When use compoennet and also bean and also put default constructor then what spring will choose? First priority to the Bean meaning external configuration.

*When we have multiple Bean to create the same object?

@Bean
    public User createUserBean(){
        return new User("anyUserName","anyEmail");
    }

@Bean
public User createUserBeanAnotherOne(){
        return new User("newUserName","newEmail");
        }

Spring will go one by one and create objects. Both object will be managed by IOC.

How spring Boot find these Beans?

We have all the component and bean in like 50 - 60 files. How does Spring finds the beans. One approach. Using the @ComponentScan annotation, it will scan the specified package and sub-package for classes annotation with @Component @Service.

@SpringBootApplication
@ComponentScan(basePackages = "com.learning.springBoot")
public class SpringbootApplication{
    public static void main(String args[]){
        SpringApplication.run(SpringbootApplication.class,args);
    }
}

When we donot provide the @ComponentScan it will still work. @SpringBootApplication also has compoennt internally. First it will go to the main package and then it will start from the package and goes to the sub-packages.

Another approach. Spring also looks for the @Configuration class. Then it will make all the bean it contains in the class.

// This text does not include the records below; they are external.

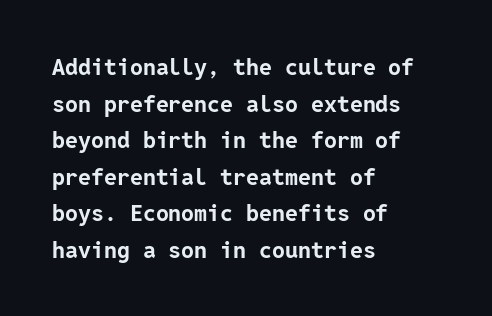
Q: Is the text bold? A: Yes.
Q: Is the text italic (slanted)? A: No, it is upright.
Q: Is the text underlined? A: No.
Q: How is the paragraph aligned? A: Left-aligned.
Q: Is the spacing between letters normal or unusually wide? A: Normal.
Q: Is the spacing between lines tight, normal or loose? A: Normal.
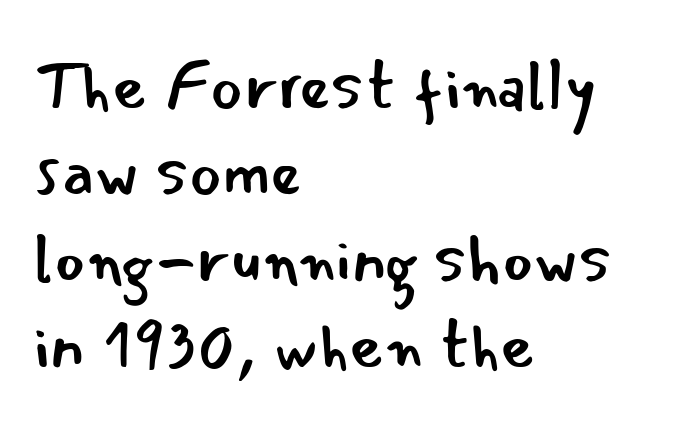
Q: Is the text bold? A: No.
Q: Is the text italic (slanted)? A: No, it is upright.
Q: Is the typeface a serif or a sans-serif typeface? A: Sans-serif.
Q: Is the text underlined? A: No.
Q: How is the paragraph aligned? A: Left-aligned.
Q: Is the spacing between letters normal or unusually wide? A: Normal.
Q: Is the spacing between lines tight, normal or loose? A: Normal.
Q: Width (condensed, normal, or wide)? A: Normal.
Q: Stroke contrast? A: Low.
Q: x-height? A: Small.
Q: Monospaced? A: No.
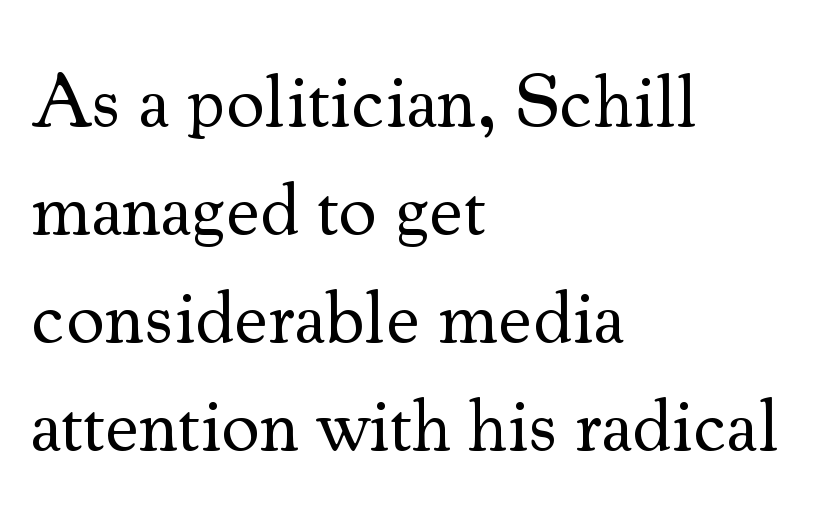
Q: Is the text bold? A: No.
Q: Is the text italic (slanted)? A: No, it is upright.
Q: Is the typeface a serif or a sans-serif typeface? A: Serif.
Q: Is the text underlined? A: No.
Q: How is the paragraph aligned? A: Left-aligned.
Q: Is the spacing between letters normal or unusually wide? A: Normal.
Q: Is the spacing between lines tight, normal or loose? A: Normal.
Q: Width (condensed, normal, or wide)? A: Normal.
Q: Stroke contrast? A: Medium.
Q: x-height? A: Small.
Q: Monospaced? A: No.
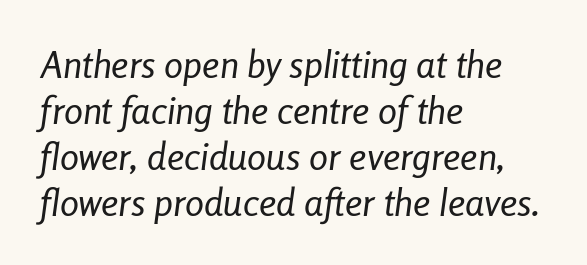
The image shows 38 px regular-weight, condensed type, italic (leaning right); set left-aligned, line spacing 1.21x, normal letter spacing, not underlined; low stroke contrast and a medium x-height.
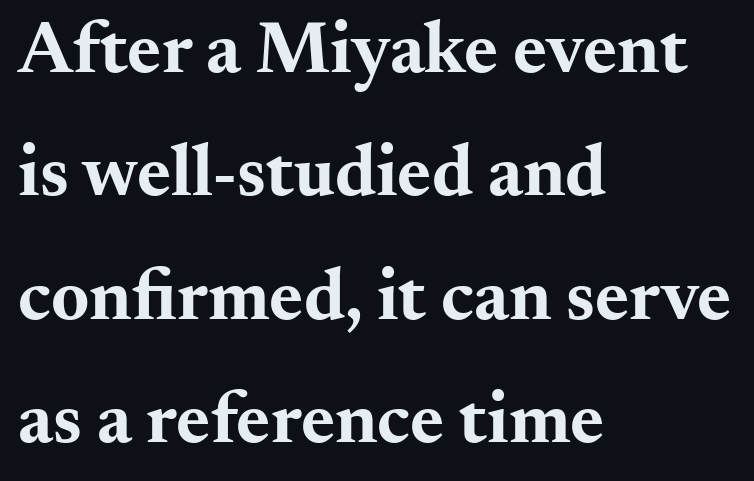
The image shows 73 px bold, wide serif type, upright; set left-aligned, normal line spacing (1.69x), normal letter spacing, not underlined; medium stroke contrast and a small x-height.
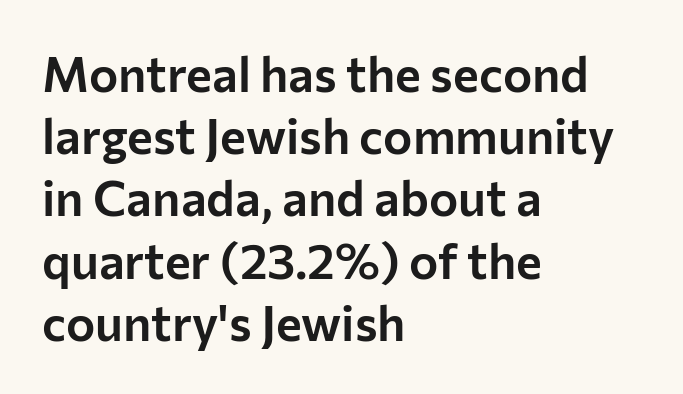
Q: Is the text italic (slanted)? A: No, it is upright.
Q: Is the typeface a serif or a sans-serif typeface? A: Sans-serif.
Q: Is the text underlined? A: No.
Q: How is the paragraph aligned? A: Left-aligned.
Q: Is the spacing between letters normal or unusually wide? A: Normal.
Q: Is the spacing between lines tight, normal or loose? A: Normal.
Q: Width (condensed, normal, or wide)? A: Normal.
Q: Stroke contrast? A: Low.
Q: x-height? A: Medium.
Q: Monospaced? A: No.
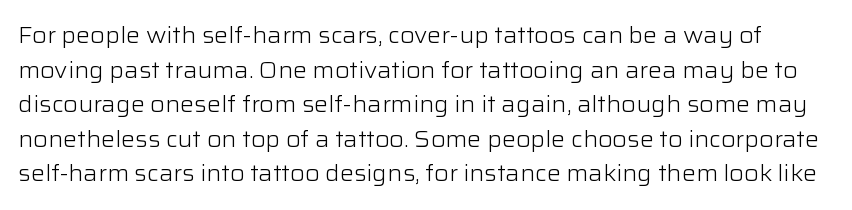
Q: Is the text bold? A: No.
Q: Is the text italic (slanted)? A: No, it is upright.
Q: Is the text underlined? A: No.
Q: Is the spacing between letters normal or unusually wide? A: Normal.
Q: Is the spacing between lines tight, normal or loose? A: Normal.
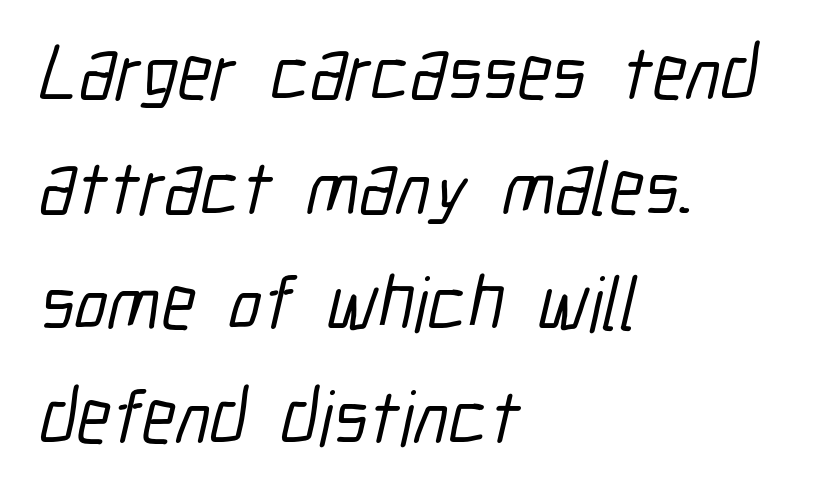
{"serif": "no", "width": "condensed", "stroke_contrast": "low", "x_height": "medium", "monospaced": "no", "underline": "no", "align": "left", "line_spacing": "normal", "line_spacing_ratio": 1.51, "letter_spacing": "normal", "letter_spacing_em": 0.0, "glyph_px": 76}
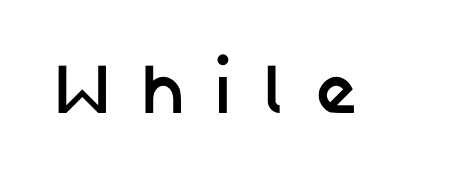
{"serif": "no", "italic": "no", "bold": "yes", "weight": "semibold", "width": "normal", "stroke_contrast": "low", "x_height": "medium", "monospaced": "no", "underline": "no", "letter_spacing": "wide", "letter_spacing_em": 0.41, "glyph_px": 71}

At what time the bean is created?

2 ways - Eager Initialization and Lazy Initialization.

Eagerness.

Some beans are created when we start our application. Example - Bean with Singleton Scope.

Lazy.

Some beans are created lazily means when they actually needed. Example - Beans with Prototype Scope or bean with @Lazy annotation.

LifeCycle of Bean.

img38.png When the application starts it will start the IOC. IOC scans for the beans with @Component and @Lazy annotation.

img39.png Initializing Spring Embedded WebApplicationContext meaning invoking the IOC container.

When we make any singleton bean it will create the Bean. In this case the User bean will be created. img40.png

Inject the dependency - Say one Bean is User and another is Order. User is single ton so created in the beginning and the Order is lazy. When will cteate the User it will craete teh Order.

@Component
public class User{
    @Autowired
    Order order;
    
    public User(){
        System.out.println("Initializing user");
    }
}
@Lazy
@Component
public class Order{
    public Order(){
        System.out.println("Lazy: initializing Order.");
    }
}

img41.png @Autowired first looks for the bean of the required type.

If Bean found spring will inject it. Different was of the injection - Constructor, Setter and Field Injection.

If Bean is not found then spring will create one and then inject it.

@PostContruct when the bean is already creted.

@Component
public class User{
    @Autowired
    Order order;
    
    @PostConstruct
    public void initialize(){
        System.out.println("Bean has benn constructed and dependencies has been injected.");
    }
    
    public User(){
        System.out.println("Initializing user");
    }
}

We can also add @PreDestroy annotation and it will work before the destroy of the bean.